- Excerpted data

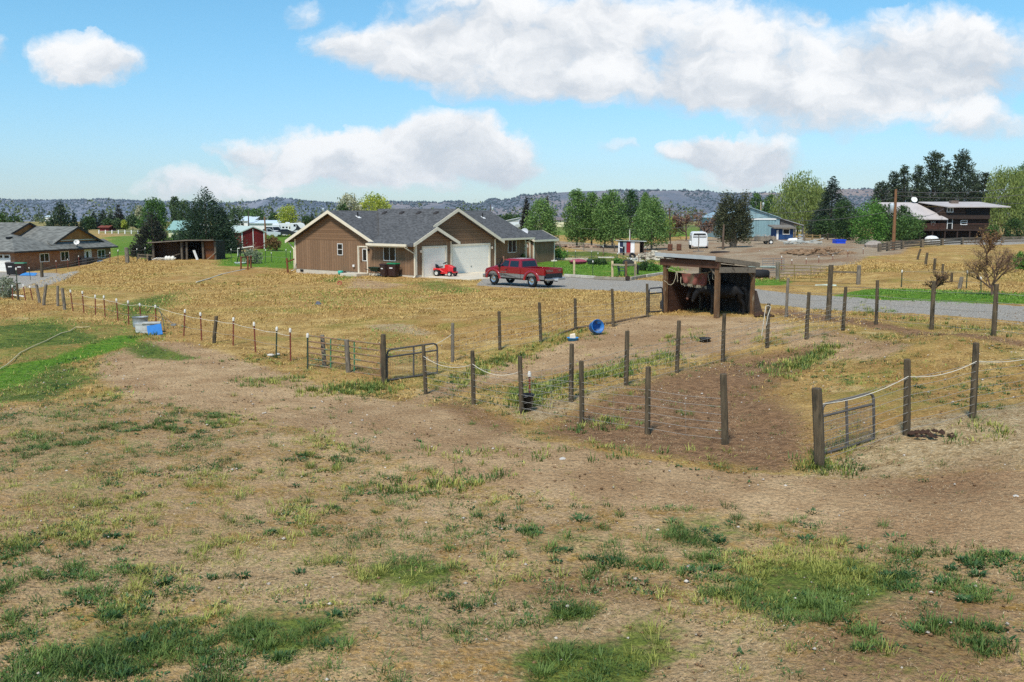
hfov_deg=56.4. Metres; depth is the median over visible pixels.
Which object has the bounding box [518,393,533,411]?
bucket
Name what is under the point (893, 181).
pine tree
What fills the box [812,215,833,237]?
bush
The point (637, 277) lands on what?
timber edging
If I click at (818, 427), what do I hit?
wire fence
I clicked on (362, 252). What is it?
door
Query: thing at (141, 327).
water trough
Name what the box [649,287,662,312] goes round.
gate
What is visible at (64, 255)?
window
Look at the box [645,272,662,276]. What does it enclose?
timber edging
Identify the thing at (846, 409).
gate
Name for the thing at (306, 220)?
broadleaf tree
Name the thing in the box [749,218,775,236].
sliding door
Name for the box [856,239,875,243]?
bush
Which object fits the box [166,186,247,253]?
conifer tree
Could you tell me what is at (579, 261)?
pink heap
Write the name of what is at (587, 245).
rock heap
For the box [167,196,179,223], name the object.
cottonwood tree
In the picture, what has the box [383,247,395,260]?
window
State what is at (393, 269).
wheelie bin
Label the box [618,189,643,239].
poplar tree
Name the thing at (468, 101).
sky
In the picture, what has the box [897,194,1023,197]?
power cable
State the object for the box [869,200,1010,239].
log house
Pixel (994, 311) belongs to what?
wire fence
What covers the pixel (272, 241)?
bush
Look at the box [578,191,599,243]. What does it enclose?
poplar tree
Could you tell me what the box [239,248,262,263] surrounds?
bush
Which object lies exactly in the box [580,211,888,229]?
power cable
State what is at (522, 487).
soil clods
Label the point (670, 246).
rusty drum
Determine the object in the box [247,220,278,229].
mobile home
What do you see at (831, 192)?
pine tree
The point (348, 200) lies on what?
pale tree
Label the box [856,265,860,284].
fence post
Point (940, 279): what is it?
bare tree
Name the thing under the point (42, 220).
wood
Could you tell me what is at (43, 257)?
window
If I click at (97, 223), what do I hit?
spruce tree
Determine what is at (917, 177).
pine tree
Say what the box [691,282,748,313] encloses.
horse
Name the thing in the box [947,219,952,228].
door
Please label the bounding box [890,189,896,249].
utility pole
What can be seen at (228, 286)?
dry grass
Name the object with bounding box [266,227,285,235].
parked car
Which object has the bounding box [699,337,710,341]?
rubber pan
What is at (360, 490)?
grass
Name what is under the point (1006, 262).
bare tree
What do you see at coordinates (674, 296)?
horse shelter
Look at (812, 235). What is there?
rail fence
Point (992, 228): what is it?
bush
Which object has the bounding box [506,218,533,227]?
tin shed
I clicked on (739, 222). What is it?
juniper tree
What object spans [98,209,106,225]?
spruce tree
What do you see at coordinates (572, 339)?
feed pan
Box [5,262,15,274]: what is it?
wheelie bin
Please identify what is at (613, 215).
poplar tree
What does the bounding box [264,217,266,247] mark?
utility pole
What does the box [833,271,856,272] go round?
brace rail
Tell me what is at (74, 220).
conifer tree
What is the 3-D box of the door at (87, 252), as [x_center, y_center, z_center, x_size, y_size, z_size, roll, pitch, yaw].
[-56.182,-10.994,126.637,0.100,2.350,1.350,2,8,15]
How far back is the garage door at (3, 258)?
114.93 m
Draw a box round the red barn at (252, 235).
[231,225,265,248]
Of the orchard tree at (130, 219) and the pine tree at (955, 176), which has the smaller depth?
the pine tree at (955, 176)
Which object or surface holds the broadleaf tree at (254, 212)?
on the ground at (844, 500)
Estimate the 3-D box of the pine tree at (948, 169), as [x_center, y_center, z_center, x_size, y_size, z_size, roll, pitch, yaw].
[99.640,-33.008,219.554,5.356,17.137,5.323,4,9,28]
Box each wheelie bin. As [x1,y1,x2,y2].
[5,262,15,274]
[14,262,26,274]
[379,263,390,276]
[387,262,399,276]
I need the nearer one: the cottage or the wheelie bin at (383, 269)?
the wheelie bin at (383, 269)
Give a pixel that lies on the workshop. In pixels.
(761, 227)
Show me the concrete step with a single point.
(354, 274)
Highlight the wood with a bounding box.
[0,197,1004,223]
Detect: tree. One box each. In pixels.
[0,212,6,221]
[7,214,22,221]
[46,199,74,225]
[71,209,79,225]
[79,216,88,230]
[83,216,95,229]
[91,211,100,228]
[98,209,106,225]
[100,218,111,225]
[110,217,121,230]
[112,204,125,228]
[120,219,129,229]
[125,214,137,227]
[128,212,170,256]
[134,205,143,220]
[134,219,143,228]
[136,197,171,240]
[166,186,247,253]
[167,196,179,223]
[176,200,189,220]
[208,204,241,249]
[228,207,244,225]
[243,208,250,215]
[247,208,264,219]
[268,212,278,219]
[275,204,298,222]
[300,215,312,225]
[333,192,363,210]
[336,202,350,210]
[354,191,392,210]
[503,213,512,219]
[519,196,530,229]
[522,197,561,246]
[561,188,593,244]
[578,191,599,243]
[591,193,617,246]
[595,189,629,247]
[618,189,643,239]
[629,194,675,249]
[640,192,650,229]
[665,217,676,234]
[670,208,698,240]
[693,209,716,233]
[712,189,754,246]
[749,193,762,209]
[761,194,775,214]
[767,170,825,234]
[804,176,855,236]
[804,186,830,220]
[863,180,893,221]
[887,170,902,201]
[893,164,913,201]
[908,164,926,202]
[914,150,950,201]
[922,266,954,288]
[937,161,953,200]
[938,148,984,201]
[961,241,1023,295]
[965,225,1003,264]
[967,175,981,201]
[973,171,994,226]
[982,165,1023,233]
[1006,161,1023,233]
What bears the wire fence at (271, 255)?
on the ground at (844, 500)
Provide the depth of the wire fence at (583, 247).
122.75 m
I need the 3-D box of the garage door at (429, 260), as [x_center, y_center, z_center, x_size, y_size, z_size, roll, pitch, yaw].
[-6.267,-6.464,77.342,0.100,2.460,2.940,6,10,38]
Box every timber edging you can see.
[564,274,593,278]
[594,276,624,279]
[630,275,645,279]
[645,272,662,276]
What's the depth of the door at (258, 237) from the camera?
132.03 m
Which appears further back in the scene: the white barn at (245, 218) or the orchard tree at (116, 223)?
the white barn at (245, 218)
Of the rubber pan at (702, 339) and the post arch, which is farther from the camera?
the post arch
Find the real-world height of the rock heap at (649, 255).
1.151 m
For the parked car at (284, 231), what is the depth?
193.97 m
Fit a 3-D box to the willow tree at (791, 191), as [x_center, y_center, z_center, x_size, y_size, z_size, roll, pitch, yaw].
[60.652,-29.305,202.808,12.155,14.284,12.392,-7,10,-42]
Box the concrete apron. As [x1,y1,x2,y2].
[424,271,489,279]
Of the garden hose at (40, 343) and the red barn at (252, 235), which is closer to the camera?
the garden hose at (40, 343)
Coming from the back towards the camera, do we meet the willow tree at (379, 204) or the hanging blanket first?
the willow tree at (379, 204)
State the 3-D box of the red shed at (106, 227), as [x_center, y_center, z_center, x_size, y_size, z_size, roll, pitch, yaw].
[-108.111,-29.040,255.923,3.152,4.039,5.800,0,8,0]
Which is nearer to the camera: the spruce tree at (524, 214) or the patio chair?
the patio chair
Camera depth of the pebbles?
20.90 m
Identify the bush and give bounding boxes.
[0,275,20,297]
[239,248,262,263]
[263,236,282,250]
[555,246,570,259]
[591,258,608,264]
[610,258,623,263]
[638,260,653,270]
[646,263,660,270]
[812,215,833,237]
[827,198,858,239]
[847,198,890,242]
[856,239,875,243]
[873,203,898,241]
[890,212,928,242]
[896,204,912,239]
[984,225,999,236]
[1001,217,1023,238]
[1008,250,1023,269]
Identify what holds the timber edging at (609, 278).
on the ground at (844, 500)
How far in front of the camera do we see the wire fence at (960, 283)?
58.62 m
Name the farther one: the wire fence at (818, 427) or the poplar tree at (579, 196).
the poplar tree at (579, 196)
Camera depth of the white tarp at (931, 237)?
156.53 m
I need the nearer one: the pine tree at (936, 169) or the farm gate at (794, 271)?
the farm gate at (794, 271)
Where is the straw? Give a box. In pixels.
[0,329,1023,681]
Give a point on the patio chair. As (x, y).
(618, 267)
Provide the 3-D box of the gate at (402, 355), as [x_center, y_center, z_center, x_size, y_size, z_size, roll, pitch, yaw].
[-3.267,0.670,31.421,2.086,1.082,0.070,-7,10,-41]
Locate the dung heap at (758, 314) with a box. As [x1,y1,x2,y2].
[753,311,773,316]
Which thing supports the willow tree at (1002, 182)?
on the ground at (844, 500)
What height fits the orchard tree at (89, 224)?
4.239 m
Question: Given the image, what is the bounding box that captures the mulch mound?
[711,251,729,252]
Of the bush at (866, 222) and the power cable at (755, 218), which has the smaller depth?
the power cable at (755, 218)
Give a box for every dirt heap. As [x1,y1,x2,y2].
[780,248,815,253]
[792,246,856,254]
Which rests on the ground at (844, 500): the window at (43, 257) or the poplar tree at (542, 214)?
the poplar tree at (542, 214)
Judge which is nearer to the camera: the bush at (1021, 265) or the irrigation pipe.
the bush at (1021, 265)
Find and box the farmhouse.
[166,221,189,235]
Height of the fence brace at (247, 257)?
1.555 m
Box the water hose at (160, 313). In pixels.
[147,305,164,329]
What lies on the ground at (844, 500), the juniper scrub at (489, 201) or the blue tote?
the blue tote
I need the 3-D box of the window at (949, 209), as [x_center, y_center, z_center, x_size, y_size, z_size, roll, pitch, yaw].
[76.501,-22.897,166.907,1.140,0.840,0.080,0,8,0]
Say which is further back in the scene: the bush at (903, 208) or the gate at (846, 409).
the bush at (903, 208)
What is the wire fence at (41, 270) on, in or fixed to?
on the ground at (844, 500)
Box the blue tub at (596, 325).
[589,319,603,332]
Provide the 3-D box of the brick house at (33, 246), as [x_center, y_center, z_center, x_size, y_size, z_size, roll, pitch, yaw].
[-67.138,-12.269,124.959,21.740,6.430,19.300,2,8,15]
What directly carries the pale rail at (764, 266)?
on the ground at (844, 500)
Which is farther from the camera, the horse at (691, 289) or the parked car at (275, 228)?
the parked car at (275, 228)
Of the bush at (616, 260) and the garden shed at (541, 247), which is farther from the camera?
the garden shed at (541, 247)
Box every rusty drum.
[668,244,672,250]
[676,244,681,250]
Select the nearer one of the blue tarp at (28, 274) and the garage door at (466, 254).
the garage door at (466, 254)
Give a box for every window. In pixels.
[39,253,49,261]
[60,251,68,260]
[97,249,104,257]
[337,243,342,254]
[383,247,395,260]
[508,240,515,252]
[782,229,789,234]
[947,207,953,211]
[960,220,967,224]
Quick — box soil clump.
[907,429,955,438]
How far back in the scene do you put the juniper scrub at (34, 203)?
3674.82 m
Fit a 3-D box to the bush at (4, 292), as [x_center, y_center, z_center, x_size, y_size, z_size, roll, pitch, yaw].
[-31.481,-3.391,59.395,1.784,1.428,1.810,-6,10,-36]
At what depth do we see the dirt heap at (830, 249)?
99.72 m
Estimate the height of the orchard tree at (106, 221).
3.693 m
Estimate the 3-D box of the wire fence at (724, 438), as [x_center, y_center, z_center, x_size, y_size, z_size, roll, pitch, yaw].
[0.913,1.321,24.863,0.503,2.265,10.947,-7,11,-42]
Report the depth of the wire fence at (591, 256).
100.03 m
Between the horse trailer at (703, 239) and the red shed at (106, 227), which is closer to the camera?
the horse trailer at (703, 239)
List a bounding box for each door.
[0,254,10,271]
[84,249,91,257]
[241,233,263,248]
[357,246,368,272]
[422,245,446,276]
[452,243,490,273]
[526,241,530,257]
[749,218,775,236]
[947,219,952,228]
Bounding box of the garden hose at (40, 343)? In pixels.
[0,326,89,368]
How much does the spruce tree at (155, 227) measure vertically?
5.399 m
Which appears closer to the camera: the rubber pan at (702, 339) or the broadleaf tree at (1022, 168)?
the rubber pan at (702, 339)
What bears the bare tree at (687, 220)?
on the ground at (844, 500)
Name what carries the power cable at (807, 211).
attached to the utility pole at (893, 208)
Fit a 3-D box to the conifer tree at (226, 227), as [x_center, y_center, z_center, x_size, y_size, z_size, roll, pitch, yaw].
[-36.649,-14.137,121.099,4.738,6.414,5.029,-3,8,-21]
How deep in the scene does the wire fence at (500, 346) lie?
36.45 m
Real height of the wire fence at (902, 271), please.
1.377 m
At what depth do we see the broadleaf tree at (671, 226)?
188.20 m
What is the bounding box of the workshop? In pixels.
[699,207,803,237]
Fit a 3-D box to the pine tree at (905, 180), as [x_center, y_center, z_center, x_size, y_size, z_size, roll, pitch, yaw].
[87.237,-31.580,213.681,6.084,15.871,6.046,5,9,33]
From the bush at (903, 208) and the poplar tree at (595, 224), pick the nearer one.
the poplar tree at (595, 224)
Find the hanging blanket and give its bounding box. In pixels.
[667,268,710,288]
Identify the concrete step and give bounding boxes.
[340,272,367,276]
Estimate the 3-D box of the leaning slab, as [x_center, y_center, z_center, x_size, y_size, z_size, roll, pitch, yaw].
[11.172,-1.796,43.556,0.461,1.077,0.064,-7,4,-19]
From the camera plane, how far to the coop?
115.50 m
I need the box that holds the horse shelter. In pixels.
[655,252,759,317]
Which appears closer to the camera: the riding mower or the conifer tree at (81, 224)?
the riding mower
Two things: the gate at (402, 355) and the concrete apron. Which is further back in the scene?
the concrete apron
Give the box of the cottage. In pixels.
[553,217,564,226]
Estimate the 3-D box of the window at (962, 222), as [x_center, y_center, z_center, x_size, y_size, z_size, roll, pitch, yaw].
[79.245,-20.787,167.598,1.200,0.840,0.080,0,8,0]
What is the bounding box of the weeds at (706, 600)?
[0,328,1023,681]
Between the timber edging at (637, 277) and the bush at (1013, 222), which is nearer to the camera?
the timber edging at (637, 277)
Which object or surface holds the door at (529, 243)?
in the garden shed at (541, 247)
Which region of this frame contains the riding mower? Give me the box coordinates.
[433,262,457,276]
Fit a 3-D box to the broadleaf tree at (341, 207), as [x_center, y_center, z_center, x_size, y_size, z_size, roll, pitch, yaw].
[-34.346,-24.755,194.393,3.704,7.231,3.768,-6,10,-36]
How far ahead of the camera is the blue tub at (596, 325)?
37.38 m
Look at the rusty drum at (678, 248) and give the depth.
118.32 m
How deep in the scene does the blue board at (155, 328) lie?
42.34 m
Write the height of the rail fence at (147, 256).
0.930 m
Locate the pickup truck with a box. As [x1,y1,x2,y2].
[483,258,564,286]
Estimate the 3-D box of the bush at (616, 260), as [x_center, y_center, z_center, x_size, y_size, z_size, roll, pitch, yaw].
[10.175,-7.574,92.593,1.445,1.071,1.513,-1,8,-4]
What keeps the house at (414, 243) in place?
on the ground at (844, 500)
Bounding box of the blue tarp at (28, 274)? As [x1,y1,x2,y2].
[20,272,36,275]
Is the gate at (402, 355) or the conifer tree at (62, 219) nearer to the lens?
the gate at (402, 355)
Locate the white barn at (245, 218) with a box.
[229,216,263,225]
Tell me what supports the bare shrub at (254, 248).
on the ground at (844, 500)
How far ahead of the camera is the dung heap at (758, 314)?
42.03 m
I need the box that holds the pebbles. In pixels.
[5,309,1023,680]
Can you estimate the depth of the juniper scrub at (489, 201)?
2389.21 m
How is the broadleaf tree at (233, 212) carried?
on the ground at (844, 500)
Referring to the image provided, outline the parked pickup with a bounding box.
[510,219,520,225]
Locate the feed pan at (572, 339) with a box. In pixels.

- Exercise
Search the records above for "tote" and copy every line that has it.

- Answer to this problem
What lies on the ground at (844, 500), the juniper scrub at (489, 201) or the blue tote?
the blue tote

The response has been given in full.